Many industries use statistical process control (SPC) to monitor the quality or consistency of a product. Technicians or monitoring devices test the product at regular intervals, and data analysts process the resulting sample data to identify variations and trends. Historically, analysts manually transcribed data onto control charts such as the one that Figure 1 shows, performed statistical calculations, and made visual inspections. Today, process control can be highly automated; analysts use database management systems (DBMSs), either alone or with specialized software, to manage and analyze the data.
Suppose you're monitoring the concentration of antimony in Manhattan drinking water by testing water from various locations every hour. Fifteen sequential measurements from two locations might produce the data that Figure 1 shows. Patterns in this data might suggest that the antimony concentration is increasing and that water department officials should perform additional testing or take corrective action.
You expect to find some fluctuation in the sample measurements, but certain patterns will rarely occur unless an underlying trend exists. One such pattern, or trend marker, is the occurrence of seven consecutive above-average measurements; another is two consecutive measurements in the top 5 percent of recorded measurements. SPC analysis uses these and other criteria to identify potential trends. Commercial SPC software packages provide a variety of trend markers to choose from, and which ones you use depends on various aspects of your process. For example, some trend markers are better indicators than others when you know your measurements are prone to error; other trend markers are better at detecting or ignoring periodic variations. However, commercial software packages don't typically include one useful trend marker—the presence of an increasing subsequence of a given length. To make this helpful SPC measure available to a SQL Server application, I developed some T-SQL code to query data for the length of the longest increasing subsequence.

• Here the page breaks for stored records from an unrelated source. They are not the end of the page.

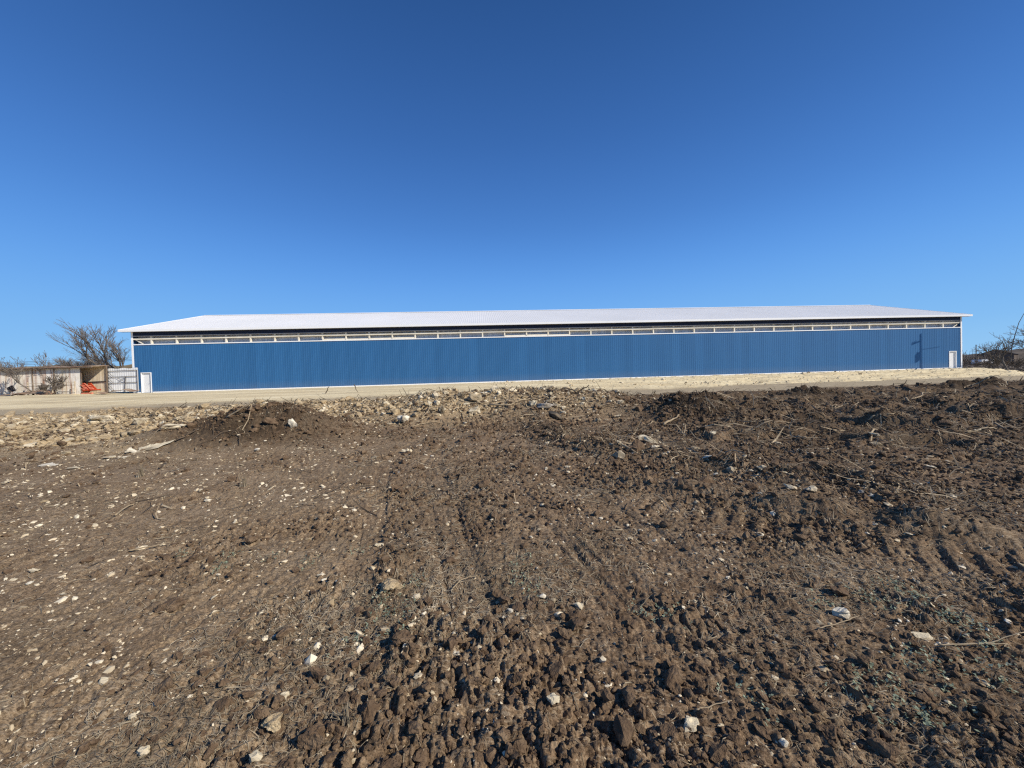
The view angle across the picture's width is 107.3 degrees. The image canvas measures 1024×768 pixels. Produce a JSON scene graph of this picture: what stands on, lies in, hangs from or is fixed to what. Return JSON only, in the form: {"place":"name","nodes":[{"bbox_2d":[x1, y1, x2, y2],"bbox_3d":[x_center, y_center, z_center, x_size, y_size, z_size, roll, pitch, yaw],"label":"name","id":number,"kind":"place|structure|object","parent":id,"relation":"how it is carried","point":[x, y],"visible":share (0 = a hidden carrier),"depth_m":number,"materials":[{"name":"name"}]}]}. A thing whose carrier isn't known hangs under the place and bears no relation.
{"place":"outdoors","nodes":[
{"label":"outdoors","id":0,"kind":"place"},
{"bbox_2d":[0,358,127,365],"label":"power lines","id":1,"kind":"object","parent":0,"point":[52,363],"visible":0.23,"depth_m":62.09,"materials":[{"name":"black metal"}]},
{"bbox_2d":[23,364,131,368],"bbox_3d":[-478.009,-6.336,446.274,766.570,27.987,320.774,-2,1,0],"label":"hill","id":2,"kind":"structure","parent":0,"point":[128,366],"depth_m":376.11,"materials":[{"name":"brown soil"}]},
{"bbox_2d":[0,377,1023,767],"bbox_3d":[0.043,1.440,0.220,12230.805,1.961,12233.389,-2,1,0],"label":"ground","id":3,"kind":"structure","parent":0,"point":[146,641],"depth_m":2.85,"materials":[{"name":"soil"}]},
{"bbox_2d":[28,568,40,572],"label":"stone","id":4,"kind":"object","parent":3,"relation":"on","point":[32,570],"visible":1,"depth_m":3.15,"materials":[{"name":"stone"}]},
{"bbox_2d":[39,462,57,466],"bbox_3d":[-8.747,1.529,7.107,0.366,0.035,0.233,-1,1,21],"label":"rock slab","id":5,"kind":"object","parent":3,"relation":"on","point":[46,464],"visible":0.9,"depth_m":7.12,"materials":[{"name":"white stone"}]},
{"bbox_2d":[98,677,108,685],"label":"stone","id":6,"kind":"object","parent":3,"relation":"on","point":[103,680],"visible":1,"depth_m":1.98,"materials":[{"name":"stone"}]},
{"bbox_2d":[114,503,133,515],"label":"branch","id":7,"kind":"object","parent":3,"relation":"on","point":[118,512],"visible":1,"depth_m":4.48,"materials":[{"name":"beige wood"}]},
{"bbox_2d":[124,447,136,452],"bbox_3d":[-8.017,1.404,7.938,0.228,0.128,0.217,-2,1,0],"label":"rock slab","id":8,"kind":"object","parent":3,"relation":"on","point":[130,449],"visible":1,"depth_m":7.92,"materials":[{"name":"white stone"}]},
{"bbox_2d":[128,712,136,719],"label":"stone","id":9,"kind":"object","parent":3,"relation":"on","point":[131,716],"visible":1,"depth_m":1.75,"materials":[{"name":"stone"}]},
{"bbox_2d":[134,465,146,477],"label":"grass tuft","id":10,"kind":"object","parent":3,"relation":"on","point":[141,473],"visible":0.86,"depth_m":6.08,"materials":[{"name":"plant"}]},
{"bbox_2d":[136,745,149,757],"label":"stone","id":11,"kind":"object","parent":3,"relation":"on","point":[142,750],"visible":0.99,"depth_m":1.59,"materials":[{"name":"stone"}]},
{"bbox_2d":[128,542,169,550],"bbox_3d":[-3.360,1.509,3.502,0.299,0.021,0.019,-2,1,-27],"label":"branch","id":12,"kind":"object","parent":3,"relation":"on","point":[146,547],"visible":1,"depth_m":3.49,"materials":[{"name":"beige wood"}]},
{"bbox_2d":[135,494,171,501],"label":"branch","id":13,"kind":"object","parent":3,"relation":"on","point":[149,498],"visible":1,"depth_m":4.88,"materials":[{"name":"brown wood"}]},
{"bbox_2d":[136,439,175,452],"bbox_3d":[-7.733,1.350,8.197,0.682,0.229,0.390,-2,1,-36],"label":"rock slab","id":14,"kind":"object","parent":3,"relation":"on","point":[151,446],"visible":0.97,"depth_m":8.13,"materials":[{"name":"stone"}]},
{"bbox_2d":[154,596,187,613],"bbox_3d":[-2.355,1.529,2.602,0.160,0.075,0.128,-2,1,0],"label":"soil clod","id":15,"kind":"object","parent":3,"relation":"on","point":[173,604],"visible":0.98,"depth_m":2.58,"materials":[{"name":"brown soil"}]},
{"bbox_2d":[158,424,186,429],"bbox_3d":[-8.162,1.012,9.083,0.548,0.132,0.411,-2,1,-27],"label":"rock slab","id":16,"kind":"object","parent":3,"relation":"on","point":[169,426],"visible":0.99,"depth_m":8.93,"materials":[{"name":"stone"}]},
{"bbox_2d":[176,428,199,440],"bbox_3d":[-7.331,1.137,8.581,0.131,0.218,0.555,-1,1,10],"label":"branch","id":17,"kind":"object","parent":3,"relation":"on","point":[186,434],"visible":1,"depth_m":8.49,"materials":[{"name":"wood"}]},
{"bbox_2d":[207,738,253,764],"bbox_3d":[-1.162,1.515,1.567,0.197,0.099,0.035,-2,1,0],"label":"branch","id":18,"kind":"object","parent":3,"relation":"on","point":[213,759],"visible":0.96,"depth_m":1.57,"materials":[{"name":"brown wood"}]},
{"bbox_2d":[229,429,240,444],"bbox_3d":[-6.071,1.171,8.344,0.572,0.311,0.174,-1,1,36],"label":"root","id":19,"kind":"object","parent":3,"relation":"on","point":[238,433],"visible":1,"depth_m":8.43,"materials":[{"name":"brown wood"}]},
{"bbox_2d":[226,399,257,417],"bbox_3d":[-6.488,0.584,9.055,0.771,0.443,0.057,-2,1,0],"label":"branch","id":20,"kind":"object","parent":3,"relation":"on","point":[241,408],"visible":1,"depth_m":9.04,"materials":[{"name":"wood"}]},
{"bbox_2d":[237,473,247,486],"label":"grass tuft","id":21,"kind":"object","parent":3,"relation":"on","point":[244,481],"visible":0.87,"depth_m":5.40,"materials":[{"name":"plant"}]},
{"bbox_2d":[244,535,258,544],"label":"soil clod","id":22,"kind":"object","parent":3,"relation":"on","point":[250,539],"visible":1,"depth_m":3.52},
{"bbox_2d":[249,749,262,762],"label":"stone","id":23,"kind":"object","parent":3,"relation":"on","point":[255,755],"visible":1,"depth_m":1.54,"materials":[{"name":"stone"}]},
{"bbox_2d":[260,712,282,732],"bbox_3d":[-1.076,1.524,1.691,0.100,0.072,0.080,-2,1,0],"label":"rock","id":24,"kind":"object","parent":3,"relation":"on","point":[271,722],"visible":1,"depth_m":1.67,"materials":[{"name":"beige stone"}]},
{"bbox_2d":[280,691,289,699],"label":"stone","id":25,"kind":"object","parent":3,"relation":"on","point":[285,694],"visible":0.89,"depth_m":1.83,"materials":[{"name":"stone"}]},
{"bbox_2d":[288,419,297,427],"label":"boulder","id":26,"kind":"object","parent":3,"relation":"on","point":[292,423],"visible":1,"depth_m":8.90,"materials":[{"name":"white stone"}]},
{"bbox_2d":[297,723,324,750],"bbox_3d":[-0.862,1.525,1.614,0.110,0.077,0.096,-2,1,-23],"label":"soil clod","id":27,"kind":"object","parent":3,"relation":"on","point":[311,737],"visible":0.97,"depth_m":1.60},
{"bbox_2d":[0,386,648,447],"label":"tan clods","id":28,"kind":"object","parent":3,"relation":"on","point":[53,441],"visible":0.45,"depth_m":12.43,"materials":[{"name":"beige soil"}]},
{"bbox_2d":[321,695,361,741],"bbox_3d":[-0.755,1.482,1.685,0.169,0.130,0.142,-3,1,-41],"label":"grass tuft","id":29,"kind":"object","parent":3,"relation":"on","point":[345,716],"visible":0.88,"depth_m":1.69,"materials":[{"name":"plant"}]},
{"bbox_2d":[3,388,680,434],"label":"dirt berm","id":30,"kind":"structure","parent":3,"relation":"on","point":[447,415],"depth_m":12.22,"materials":[{"name":"soil"}]},
{"bbox_2d":[57,428,70,431],"bbox_3d":[-13.707,1.421,11.519,0.374,0.129,0.335,-1,1,34],"label":"rock slab","id":31,"kind":"object","parent":30,"relation":"on","point":[63,430],"visible":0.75,"depth_m":11.43,"materials":[{"name":"stone"}]},
{"bbox_2d":[87,415,114,421],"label":"boulder","id":32,"kind":"object","parent":30,"relation":"on","point":[102,418],"visible":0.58,"depth_m":12.81,"materials":[{"name":"stone"}]},
{"bbox_2d":[397,415,408,422],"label":"boulder","id":33,"kind":"object","parent":30,"relation":"on","point":[403,419],"visible":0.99,"depth_m":10.89,"materials":[{"name":"white stone"}]},
{"bbox_2d":[433,400,450,413],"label":"grass tuft","id":34,"kind":"object","parent":30,"relation":"on","point":[441,409],"visible":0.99,"depth_m":11.53,"materials":[{"name":"plant"}]},
{"bbox_2d":[468,394,481,401],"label":"boulder","id":35,"kind":"object","parent":30,"relation":"on","point":[473,397],"visible":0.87,"depth_m":12.67,"materials":[{"name":"beige stone"}]},
{"bbox_2d":[489,398,540,405],"bbox_3d":[0.131,0.593,12.506,1.790,0.218,0.379,-2,1,-13],"label":"branch","id":36,"kind":"object","parent":30,"relation":"on","point":[511,403],"visible":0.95,"depth_m":12.34,"materials":[{"name":"brown wood"}]},
{"bbox_2d":[536,403,553,408],"bbox_3d":[1.060,0.700,12.038,0.570,0.197,0.456,-2,1,0],"label":"rock slab","id":37,"kind":"object","parent":30,"relation":"on","point":[544,405],"visible":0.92,"depth_m":11.89,"materials":[{"name":"grey stone"}]},
{"bbox_2d":[548,411,561,419],"bbox_3d":[1.307,0.969,11.347,0.490,0.334,0.443,-2,1,0],"label":"rock slab","id":38,"kind":"object","parent":30,"relation":"on","point":[554,414],"visible":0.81,"depth_m":11.21,"materials":[{"name":"grey stone"}]},
{"bbox_2d":[380,577,404,592],"bbox_3d":[-0.885,1.465,2.732,0.164,0.106,0.134,-3,1,-40],"label":"rock","id":39,"kind":"object","parent":3,"relation":"on","point":[388,584],"visible":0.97,"depth_m":2.70,"materials":[{"name":"beige stone"}]},
{"bbox_2d":[0,386,786,478],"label":"limestone rubble","id":40,"kind":"object","parent":3,"relation":"on","point":[619,453],"visible":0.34,"depth_m":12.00,"materials":[{"name":"beige stone"}]},
{"bbox_2d":[389,630,414,646],"bbox_3d":[-0.629,1.460,2.156,0.121,0.073,0.112,-1,1,20],"label":"soil clod","id":41,"kind":"object","parent":3,"relation":"on","point":[399,637],"visible":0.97,"depth_m":2.14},
{"bbox_2d":[395,542,420,550],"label":"branch","id":42,"kind":"object","parent":3,"relation":"on","point":[412,545],"visible":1,"depth_m":3.31,"materials":[{"name":"brown wood"}]},
{"bbox_2d":[452,650,459,655],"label":"stone","id":43,"kind":"object","parent":3,"relation":"on","point":[455,652],"visible":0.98,"depth_m":2.08,"materials":[{"name":"white stone"}]},
{"bbox_2d":[0,380,1023,767],"bbox_3d":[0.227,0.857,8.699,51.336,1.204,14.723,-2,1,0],"label":"soil clods","id":44,"kind":"object","parent":3,"relation":"on","point":[622,730],"visible":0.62,"depth_m":1.89,"materials":[{"name":"brown soil"}]},
{"bbox_2d":[0,385,1023,767],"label":"dry straw","id":45,"kind":"object","parent":3,"relation":"on","point":[392,609],"visible":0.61,"depth_m":2.56,"materials":[{"name":"beige plant"}]},
{"bbox_2d":[0,388,1023,563],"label":"soil clods","id":46,"kind":"object","parent":3,"relation":"on","point":[751,487],"visible":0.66,"depth_m":5.79,"materials":[{"name":"brown soil"}]},
{"bbox_2d":[0,389,1023,767],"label":"limestone chips","id":47,"kind":"object","parent":3,"relation":"on","point":[310,659],"visible":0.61,"depth_m":2.85,"materials":[{"name":"beige stone"}]},
{"bbox_2d":[0,373,1023,581],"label":"dry twigs","id":48,"kind":"object","parent":3,"relation":"on","point":[823,421],"visible":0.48,"depth_m":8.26,"materials":[{"name":"brown wood"}]},
{"bbox_2d":[546,693,559,704],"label":"stone","id":49,"kind":"object","parent":3,"relation":"on","point":[553,698],"visible":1,"depth_m":1.74,"materials":[{"name":"stone"}]},
{"bbox_2d":[573,602,582,609],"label":"stone","id":50,"kind":"object","parent":3,"relation":"on","point":[578,605],"visible":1,"depth_m":2.46,"materials":[{"name":"stone"}]},
{"bbox_2d":[176,463,1018,735],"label":"green weeds","id":51,"kind":"object","parent":3,"relation":"on","point":[925,713],"visible":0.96,"depth_m":2.05,"materials":[{"name":"green plant"}]},
{"bbox_2d":[663,414,678,424],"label":"branch","id":52,"kind":"object","parent":3,"relation":"on","point":[666,422],"visible":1,"depth_m":9.94,"materials":[{"name":"beige wood"}]},
{"bbox_2d":[684,717,698,731],"bbox_3d":[0.785,1.496,1.655,0.080,0.048,0.064,-2,1,0],"label":"stone","id":53,"kind":"object","parent":3,"relation":"on","point":[692,723],"visible":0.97,"depth_m":1.64,"materials":[{"name":"stone"}]},
{"bbox_2d":[695,700,731,709],"bbox_3d":[0.927,1.476,1.734,0.189,0.014,0.015,-2,1,-12],"label":"branch","id":54,"kind":"object","parent":3,"relation":"on","point":[712,705],"visible":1,"depth_m":1.73,"materials":[{"name":"beige wood"}]},
{"bbox_2d":[778,738,788,747],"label":"stone","id":55,"kind":"object","parent":3,"relation":"on","point":[784,742],"visible":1,"depth_m":1.56,"materials":[{"name":"white stone"}]},
{"bbox_2d":[783,483,796,489],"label":"stone","id":56,"kind":"object","parent":3,"relation":"on","point":[790,486],"visible":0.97,"depth_m":4.62,"materials":[{"name":"stone"}]},
{"bbox_2d":[806,485,816,491],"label":"stone","id":57,"kind":"object","parent":3,"relation":"on","point":[812,488],"visible":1,"depth_m":4.48,"materials":[{"name":"stone"}]},
{"bbox_2d":[818,615,859,628],"bbox_3d":[1.960,1.425,2.255,0.341,0.013,0.011,-2,1,-16],"label":"branch","id":58,"kind":"object","parent":3,"relation":"on","point":[836,623],"visible":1,"depth_m":2.24,"materials":[{"name":"wood"}]},
{"bbox_2d":[832,607,849,619],"bbox_3d":[2.048,1.422,2.345,0.090,0.060,0.086,-3,1,-44],"label":"stone","id":59,"kind":"object","parent":3,"relation":"on","point":[842,612],"visible":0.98,"depth_m":2.33,"materials":[{"name":"white stone"}]},
{"bbox_2d":[856,655,877,667],"bbox_3d":[1.844,1.443,1.967,0.084,0.050,0.067,-2,1,0],"label":"soil clod","id":60,"kind":"object","parent":3,"relation":"on","point":[863,660],"visible":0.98,"depth_m":1.95,"materials":[{"name":"brown soil"}]},
{"bbox_2d":[869,441,881,444],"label":"stone","id":61,"kind":"object","parent":3,"relation":"on","point":[875,442],"visible":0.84,"depth_m":6.71,"materials":[{"name":"beige stone"}]},
{"bbox_2d":[911,632,933,639],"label":"stone","id":62,"kind":"object","parent":3,"relation":"on","point":[925,636],"visible":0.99,"depth_m":2.14,"materials":[{"name":"stone"}]},
{"bbox_2d":[938,643,1007,645],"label":"branch","id":63,"kind":"object","parent":3,"relation":"on","point":[969,644],"visible":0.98,"depth_m":2.05,"materials":[{"name":"wood"}]},
{"bbox_2d":[966,427,996,432],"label":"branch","id":64,"kind":"object","parent":3,"relation":"on","point":[976,430],"visible":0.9,"depth_m":7.57,"materials":[{"name":"beige wood"}]},
{"bbox_2d":[940,632,1023,646],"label":"branch","id":65,"kind":"object","parent":3,"relation":"on","point":[998,639],"visible":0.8,"depth_m":2.06,"materials":[{"name":"wood"}]},
{"bbox_2d":[962,350,1023,371],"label":"brush line","id":66,"kind":"object","parent":3,"relation":"on","point":[967,363],"visible":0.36,"depth_m":116.13,"materials":[{"name":"brown plant"}]},
{"bbox_2d":[0,368,1023,414],"bbox_3d":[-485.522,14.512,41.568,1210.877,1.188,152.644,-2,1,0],"label":"gravel road","id":67,"kind":"structure","parent":0,"point":[41,404],"depth_m":28.16,"materials":[{"name":"beige gravel"}]},
{"bbox_2d":[4,357,26,367],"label":"bare tree","id":68,"kind":"object","parent":67,"relation":"on","point":[22,364],"visible":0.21,"depth_m":44.33,"materials":[{"name":"brown plant"}]},
{"bbox_2d":[0,350,60,394],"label":"bare tree","id":69,"kind":"object","parent":67,"relation":"on","point":[11,372],"visible":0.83,"depth_m":35.69,"materials":[{"name":"brown plant"}]},
{"bbox_2d":[21,381,75,394],"bbox_3d":[-44.762,0.463,36.374,5.220,1.352,0.122,-2,1,0],"label":"wire fence","id":70,"kind":"object","parent":67,"relation":"on","point":[27,386],"visible":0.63,"depth_m":36.34,"materials":[{"name":"grey metal"}]},
{"bbox_2d":[35,383,66,394],"bbox_3d":[-43.686,0.465,35.620,2.082,1.216,1.066,-2,1,-23],"label":"sapling","id":71,"kind":"object","parent":67,"relation":"on","point":[45,386],"visible":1,"depth_m":35.56,"materials":[{"name":"brown plant"}]},
{"bbox_2d":[39,373,68,392],"bbox_3d":[-43.796,-0.085,36.298,1.597,2.316,1.845,-2,1,0],"label":"sapling","id":72,"kind":"object","parent":67,"relation":"on","point":[55,382],"visible":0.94,"depth_m":36.18,"materials":[{"name":"brown plant"}]},
{"bbox_2d":[0,365,108,395],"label":"rusty shed","id":73,"kind":"structure","parent":67,"relation":"on","point":[96,376],"depth_m":36.88,"materials":[{"name":"brown metal"}]},
{"bbox_2d":[108,368,138,391],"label":"sheet gate","id":74,"kind":"structure","parent":73,"relation":"attached to","point":[122,378],"depth_m":38.02,"materials":[{"name":"white metal"}]},
{"bbox_2d":[46,357,82,366],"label":"bare tree","id":75,"kind":"object","parent":67,"relation":"on","point":[60,361],"visible":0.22,"depth_m":53.39,"materials":[{"name":"brown plant"}]},
{"bbox_2d":[46,320,117,368],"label":"bare tree","id":76,"kind":"object","parent":67,"relation":"on","point":[80,345],"visible":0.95,"depth_m":47.88,"materials":[{"name":"brown plant"}]},
{"bbox_2d":[61,343,104,365],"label":"bare tree","id":77,"kind":"object","parent":67,"relation":"on","point":[84,361],"visible":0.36,"depth_m":51.34,"materials":[{"name":"brown plant"}]},
{"bbox_2d":[80,383,100,393],"bbox_3d":[-41.515,0.415,37.103,1.341,1.086,0.864,-2,1,0],"label":"red implement","id":78,"kind":"object","parent":67,"relation":"on","point":[89,387],"visible":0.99,"depth_m":36.94,"materials":[{"name":"paint"}]},
{"bbox_2d":[75,355,114,367],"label":"bare tree","id":79,"kind":"object","parent":67,"relation":"on","point":[93,364],"visible":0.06,"depth_m":51.34,"materials":[{"name":"brown plant"}]},
{"bbox_2d":[88,335,129,368],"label":"bare tree","id":80,"kind":"object","parent":67,"relation":"on","point":[119,357],"visible":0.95,"depth_m":48.02,"materials":[{"name":"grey plant"}]},
{"bbox_2d":[93,388,137,393],"bbox_3d":[-37.615,0.685,35.900,3.305,0.458,1.106,-2,1,-3],"label":"scrap sheet","id":81,"kind":"object","parent":67,"relation":"on","point":[129,390],"visible":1,"depth_m":35.66,"materials":[{"name":"grey metal"}]},
{"bbox_2d":[118,305,972,392],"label":"metal barn","id":82,"kind":"structure","parent":67,"relation":"on","point":[248,352],"depth_m":41.83,"materials":[{"name":"blue metal"}]},
{"bbox_2d":[141,372,152,392],"bbox_3d":[-37.119,-0.134,38.313,0.980,2.080,0.165,-2,1,-5],"label":"door","id":83,"kind":"structure","parent":82,"relation":"in","point":[146,378],"depth_m":38.34,"materials":[{"name":"white metal"}]},
{"bbox_2d":[949,351,956,367],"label":"door","id":84,"kind":"structure","parent":82,"relation":"in","point":[952,354],"depth_m":45.44,"materials":[{"name":"white metal"}]},
{"bbox_2d":[972,360,987,367],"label":"sapling","id":85,"kind":"object","parent":67,"relation":"on","point":[976,363],"visible":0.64,"depth_m":60.42,"materials":[{"name":"brown plant"}]},
{"bbox_2d":[978,359,995,368],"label":"sapling","id":86,"kind":"object","parent":67,"relation":"on","point":[984,362],"visible":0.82,"depth_m":50.28,"materials":[{"name":"brown plant"}]},
{"bbox_2d":[987,355,1000,367],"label":"sapling","id":87,"kind":"object","parent":67,"relation":"on","point":[994,361],"visible":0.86,"depth_m":47.88,"materials":[{"name":"brown plant"}]},
{"bbox_2d":[971,314,1023,369],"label":"bare tree","id":88,"kind":"object","parent":67,"relation":"on","point":[1003,351],"visible":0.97,"depth_m":47.00,"materials":[{"name":"brown plant"}]},
{"bbox_2d":[992,357,1014,368],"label":"sapling","id":89,"kind":"object","parent":67,"relation":"on","point":[1005,362],"visible":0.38,"depth_m":51.50,"materials":[{"name":"brown plant"}]},
{"bbox_2d":[1004,326,1023,353],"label":"bare tree","id":90,"kind":"object","parent":67,"relation":"on","point":[1012,343],"visible":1,"depth_m":44.95,"materials":[{"name":"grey plant"}]},
{"bbox_2d":[1006,356,1023,370],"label":"sapling","id":91,"kind":"object","parent":67,"relation":"on","point":[1018,363],"visible":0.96,"depth_m":46.94,"materials":[{"name":"brown plant"}]},
{"bbox_3d":[-48.065,1.003,35.900,4.004,0.280,1.107,-2,1,-1],"label":"scrap sheet","id":92,"kind":"object","parent":67,"relation":"on","visible":0},
{"bbox_2d":[7,385,15,392],"bbox_3d":[-48.094,0.491,36.195,0.612,0.764,0.409,-1,1,17],"label":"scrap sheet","id":93,"kind":"object","parent":92,"relation":"on","point":[10,389],"visible":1,"depth_m":36.19,"materials":[{"name":"black metal"}]},
{"bbox_2d":[10,390,53,395],"bbox_3d":[-45.855,0.870,36.001,3.400,0.672,1.007,-2,1,3],"label":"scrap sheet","id":94,"kind":"object","parent":92,"relation":"on","point":[40,392],"visible":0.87,"depth_m":35.86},
{"bbox_2d":[0,0,1023,367],"label":"sky","id":95,"kind":"structure","parent":0,"point":[161,160],"materials":[{"name":"blue"}]},
{"bbox_2d":[496,367,1023,388],"bbox_3d":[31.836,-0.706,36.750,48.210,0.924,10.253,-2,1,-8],"label":"gravel bank","id":96,"kind":"structure","parent":0,"point":[672,383],"depth_m":36.41,"materials":[{"name":"beige gravel"}]},
{"bbox_2d":[962,349,1023,366],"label":"hill","id":97,"kind":"structure","parent":0,"point":[1020,354],"depth_m":197.10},
{"bbox_2d":[975,349,1017,361],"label":"house","id":98,"kind":"structure","parent":97,"relation":"on","point":[1015,356],"depth_m":146.09,"materials":[{"name":"grey"}]}
]}

To understand what an increasing subsequence is and why it's a good trend marker, try to answer the following question: In what month of the year do you have the best chance of being able to take a noontime walk outside nine times during the month on days that the outside temperature is warmer than it was during the previous walk? If you live in New York City, you might say March or April. If you live in Sydney, you might say October. And if you live in Guam, you might say the question is impossible to answer because the noontime temperature is between 84 and 86 degrees Fahrenheit almost every day of the year.
Noontime temperature is a physical quantity that can be measured, and noontime temperatures for a one-month period are a sequence of measurements. The noontime temperatures on the days you walked form a subsequence of those measurements. The question above asked you to find an increasing subsequence of nine measurements; this challenge shows how trends in a physical quantity can reveal an increasing subsequence of measurements. Thus, a long increasing subsequence is a good trend marker.

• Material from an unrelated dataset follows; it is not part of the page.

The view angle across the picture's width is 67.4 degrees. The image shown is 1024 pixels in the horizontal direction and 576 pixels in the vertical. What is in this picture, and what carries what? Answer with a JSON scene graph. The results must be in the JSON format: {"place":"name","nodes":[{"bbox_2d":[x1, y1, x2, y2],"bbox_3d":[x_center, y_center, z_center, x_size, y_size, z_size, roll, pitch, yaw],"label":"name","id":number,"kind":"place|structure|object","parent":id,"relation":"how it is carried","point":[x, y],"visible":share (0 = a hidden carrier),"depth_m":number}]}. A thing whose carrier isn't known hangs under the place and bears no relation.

One increasing subsequence in the data that Figure 1 shows comprises the Midtown water readings numbered 3, 4, 6, and 9, which have values of 3.939, 4.050, 4.140, and 4.143, respectively. Can you find the length of the longest increasing subsequence for Midtown? For Uptown? The answers will say something about possible trends in the data; later I describe a general solution in T-SQL.
The original problem and solution resulted from a question that John Winterbottom posted to the Microsoft newsgroup microsoft.public.sqlserver.programming. Winterbottom wanted to process sequences of seven measurements to identify which sequences contained increasing subsequences of length 4. He asked how to enumerate the subsequences of length 4 within a sequence of length 7 so that he could inspect each subsequence to see whether the values were increasing. A sequence of length 7 contains only 35 subsequences of length 4, so generating those 35 subsequences and inspecting each one is a practical approach. Listing 1 shows the T-SQL code that generates the increasing subsequences of length 4 that exist in a sequence of seven measurements.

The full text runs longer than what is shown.